Today, Divine Mercy Sunday, suggests itself as a special day of thanksgiving to God for all the benefits that flow from Jesus’ passion, death and resurrection.
In 1995, John Paul II described this second Sunday of Easter, which brings to completion the celebration of the Church’s greatest octave, as “the Sunday of thanksgiving for all the goodness that God has shown us in the whole Easter mystery.”
It is through this awareness and acceptance of what Christ has done for all humanity in vanquishing suffering and evil “at their roots”, as Pope Benedict XVI says, that the Feast of Divine Mercy can best be understood and appreciated.
Suffering and evil are with us in conspicuous ways today, as the Pope illustrates in his message to the city of Rome and the world on Easter Sunday. They visit the world in “natural calamities and human tragedies that cause innumerable victims and enormous material destruction”, the Pope said.
He lamented the scourge of hunger and incurable diseases, terrorism and kidnapping, and the “thousand faces of violence” in the name of religion.
He drew reference to the unconscionable suffering and evil present in several parts of Africa and in the Pacific, as well as in Afghanistan and Iraq from where “nothing positive comes”. Evil and hardship afflict Christian communities as well as non-Christian peoples.
The world will always have need of God’s mercy but these dire situations make the world particularly ripe for God’s mercy. Because Christ is alive in the world and his power and healing can be experienced through men and women living today and because he has left the world the supreme example of love, we have an opportunity for mercy and peace and, therefore, hope.
The Caribbean region is no stranger to the suffering and evil of which the Pope speaks. His words resonate easily with us here in Trinidad and Tobago.

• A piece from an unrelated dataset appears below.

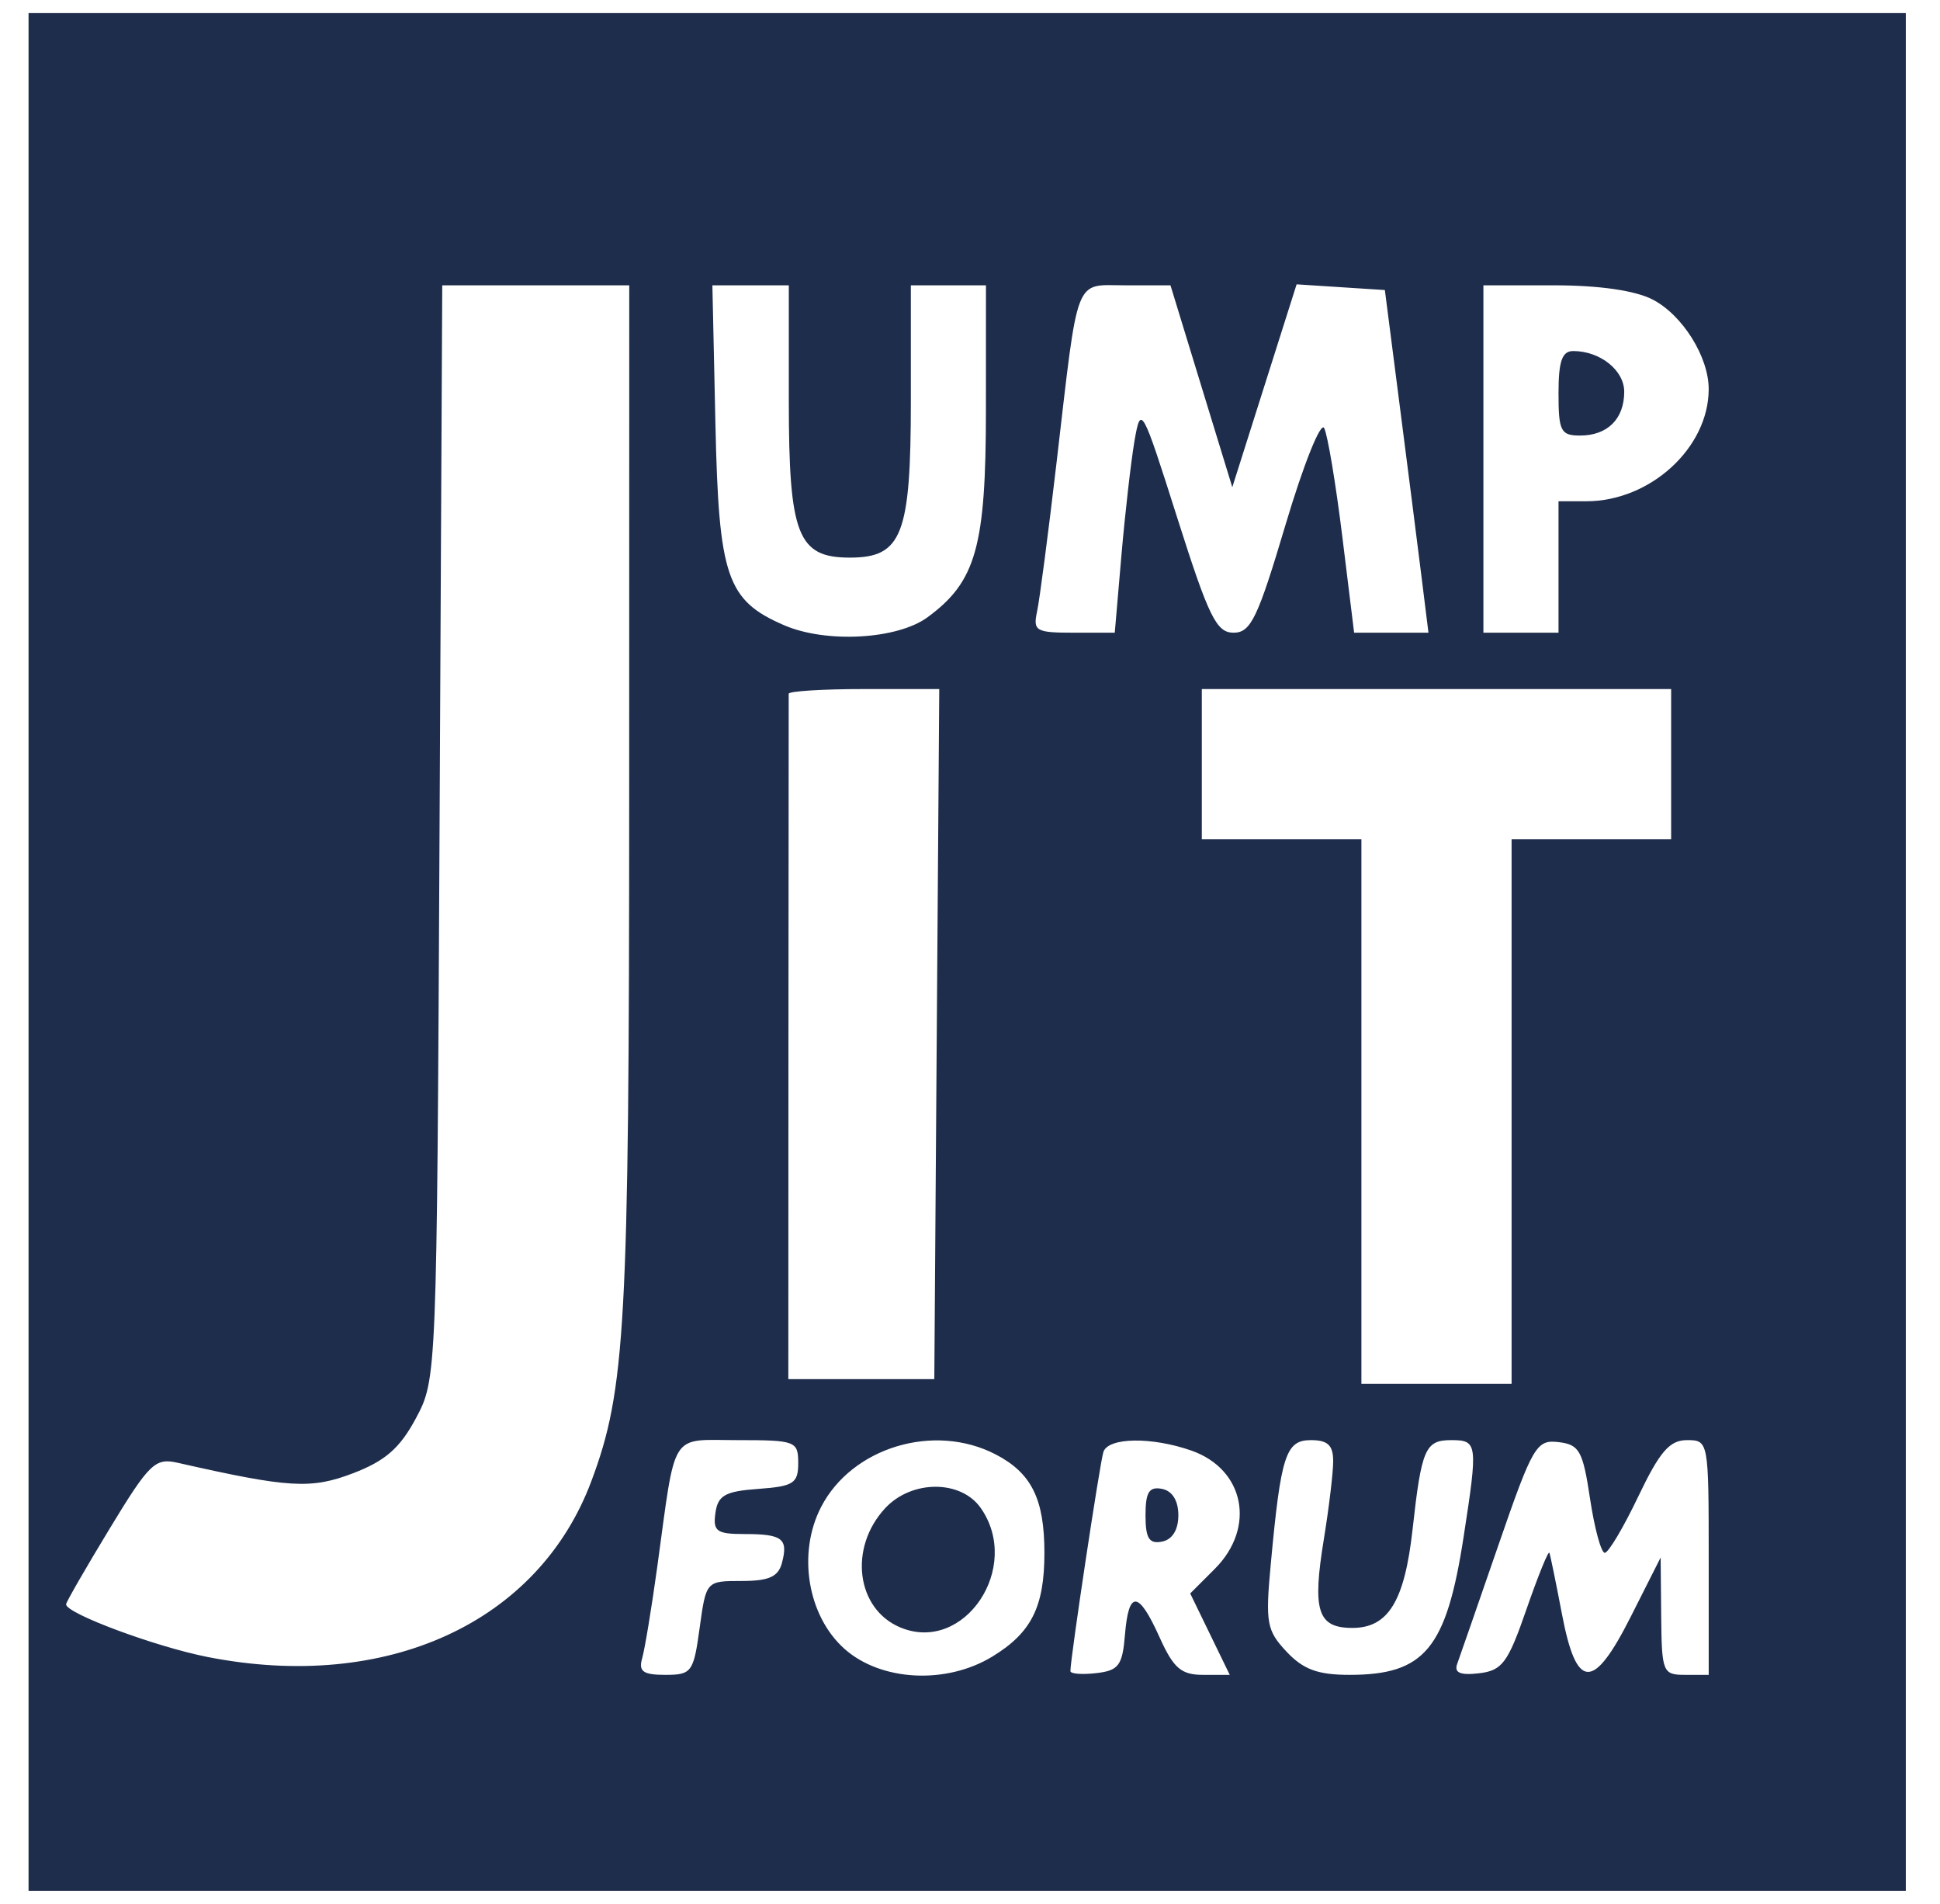 <svg width="53" height="52" viewBox="0 0 53 52" fill="none" xmlns="http://www.w3.org/2000/svg">
<path fill-rule="evenodd" clip-rule="evenodd" d="M0.78 26V51.643H26.423H52.066V26V0.357H26.423H0.78V26ZM17.189 21.833C17.187 36.203 17.09 37.959 16.156 40.454C14.709 44.322 10.566 46.22 5.671 45.257C4.245 44.976 1.805 44.069 1.805 43.819C1.805 43.76 2.34 42.832 2.993 41.756C4.078 39.968 4.238 39.813 4.852 39.952C7.901 40.643 8.493 40.678 9.647 40.238C10.527 39.901 10.927 39.552 11.364 38.734C11.932 37.672 11.934 37.607 12.008 22.73L12.082 7.793H14.636H17.191L17.189 21.833ZM21.55 10.942C21.55 14.611 21.791 15.23 23.217 15.23C24.643 15.23 24.884 14.611 24.884 10.942V7.793H25.91H26.936L26.935 11.191C26.935 14.933 26.666 15.887 25.339 16.86C24.511 17.466 22.572 17.574 21.422 17.077C19.854 16.398 19.636 15.761 19.545 11.576L19.462 7.793H20.506H21.55V10.942ZM32.821 10.55L33.666 13.307L34.544 10.537L35.423 7.766L36.628 7.844L37.834 7.922L38.246 11.127C38.473 12.89 38.741 14.996 38.842 15.807L39.025 17.281H38.009H36.994L36.671 14.653C36.493 13.207 36.27 11.875 36.176 11.692C36.082 11.509 35.609 12.691 35.124 14.32C34.361 16.885 34.171 17.281 33.701 17.281C33.233 17.281 33.023 16.855 32.165 14.152C31.198 11.107 31.167 11.05 30.995 12.036C30.899 12.594 30.738 14.002 30.637 15.166L30.455 17.281H29.331C28.3 17.281 28.218 17.234 28.332 16.704C28.401 16.387 28.638 14.57 28.861 12.666C29.474 7.423 29.33 7.793 30.759 7.793H31.977L32.821 10.55ZM45.151 8.182C45.965 8.604 46.681 9.746 46.681 10.627C46.681 12.229 45.086 13.691 43.338 13.691H42.578V15.486V17.281H41.552H40.526V12.537V7.793H42.462C43.691 7.793 44.673 7.935 45.151 8.182ZM42.578 10.742C42.578 11.775 42.639 11.896 43.167 11.896C43.916 11.896 44.373 11.443 44.373 10.7C44.373 10.113 43.715 9.588 42.979 9.588C42.674 9.588 42.578 9.866 42.578 10.742ZM25.592 28.244L25.525 37.668H23.531H21.537L21.54 28.372C21.542 23.259 21.545 19.019 21.547 18.948C21.549 18.878 22.475 18.82 23.605 18.82H25.66L25.592 28.244ZM45.655 20.871V22.923H43.475H41.296V30.359V37.796H39.244H37.193V30.359V22.923H35.013H32.833V20.871V18.82H39.244H45.655V20.871ZM21.807 39.961C21.807 40.514 21.68 40.596 20.717 40.666C19.811 40.731 19.613 40.842 19.545 41.322C19.474 41.823 19.578 41.899 20.336 41.899C21.375 41.899 21.537 42.023 21.364 42.683C21.264 43.066 21.009 43.181 20.262 43.181C19.291 43.181 19.291 43.181 19.114 44.463C18.948 45.675 18.896 45.745 18.175 45.745C17.571 45.745 17.44 45.652 17.543 45.296C17.614 45.05 17.8 43.925 17.956 42.796C18.475 39.024 18.278 39.334 20.16 39.334C21.735 39.334 21.807 39.362 21.807 39.961ZM27.197 39.722C28.18 40.23 28.533 40.941 28.533 42.412C28.533 43.887 28.178 44.595 27.111 45.245C25.849 46.015 24.063 45.921 23.068 45.032C22.06 44.131 21.779 42.423 22.432 41.16C23.275 39.53 25.517 38.853 27.197 39.722ZM32.544 39.618C34.001 40.126 34.318 41.719 33.188 42.85L32.516 43.522L33.056 44.633L33.596 45.745H32.869C32.269 45.745 32.061 45.566 31.679 44.719C31.102 43.439 30.835 43.421 30.733 44.655C30.664 45.49 30.561 45.628 29.948 45.698C29.561 45.743 29.243 45.718 29.243 45.642C29.243 45.292 30.05 39.939 30.145 39.655C30.279 39.258 31.461 39.24 32.544 39.618ZM36.422 39.911C36.421 40.229 36.307 41.181 36.169 42.027C35.846 43.998 35.994 44.463 36.947 44.463C37.927 44.463 38.374 43.73 38.591 41.77C38.835 39.569 38.937 39.334 39.646 39.334C40.368 39.334 40.38 39.423 39.985 41.978C39.514 45.03 38.922 45.745 36.87 45.745C36.004 45.745 35.606 45.599 35.148 45.112C34.605 44.533 34.567 44.326 34.717 42.719C34.993 39.743 35.126 39.334 35.814 39.334C36.275 39.334 36.423 39.475 36.422 39.911ZM43.44 40.937C43.562 41.748 43.743 42.412 43.842 42.412C43.941 42.412 44.353 41.719 44.757 40.873C45.343 39.647 45.613 39.334 46.087 39.334C46.676 39.334 46.681 39.359 46.681 42.54V45.745H46.04C45.426 45.745 45.398 45.677 45.383 44.142L45.368 42.54L44.555 44.15C43.526 46.191 43.069 46.172 42.67 44.075C42.509 43.231 42.356 42.482 42.329 42.412C42.303 42.341 42.022 43.033 41.704 43.95C41.196 45.418 41.041 45.627 40.407 45.702C39.893 45.762 39.722 45.688 39.81 45.445C39.878 45.257 40.384 43.801 40.934 42.208C41.873 39.489 41.974 39.317 42.577 39.388C43.148 39.454 43.243 39.625 43.44 40.937ZM24.182 41.194C23.177 42.278 23.393 43.951 24.601 44.452C26.343 45.174 27.93 42.81 26.793 41.187C26.25 40.412 24.903 40.416 24.182 41.194ZM31.295 41.386C31.295 42.016 31.393 42.174 31.744 42.106C32.027 42.052 32.192 41.786 32.192 41.386C32.192 40.986 32.027 40.72 31.744 40.665C31.393 40.598 31.295 40.755 31.295 41.386Z" fill="#1E2D4B"/>
</svg>

Defying sickness and death
While the public must be grateful for any drop in the crime rate, this is hardly the time for groups that have worked with gangs in the troubled areas of our country to give themselves kudos for a job well done. To get at the root of our crime problem will take more than this or that programme, however well-intentioned.
The Feast of Divine Mercy celebrates, in a manner of speaking, the gut-wrenching pain of a God who cannot bear to see his children suffer. It is for this reason that Christ came among us, endured the Passion and rose from the dead.
The nation needs men and women filled with the fire of Christ’s Spirit to counter the evils that confront our people. Because of what Christ has done, the celebration of Divine Mercy is as much a celebration of thanksgiving as it is an expression of confident trust and hope in the future.
This feast, in addition to petitioning God to intervene in our lives with his mercy, demands that believers show his mercy to all; that we ask God to grant to all citizens the grace to confront suffering and evil wherever they exist in the country.
In the first reading today from the Acts of the Apostles 5: 12-16, Peter and the other apostles – renewed by the power of the Spirit promised by Jesus – can be a wonderful inspiration for us all as they go about defying sickness and death, working “many signs and wonders”.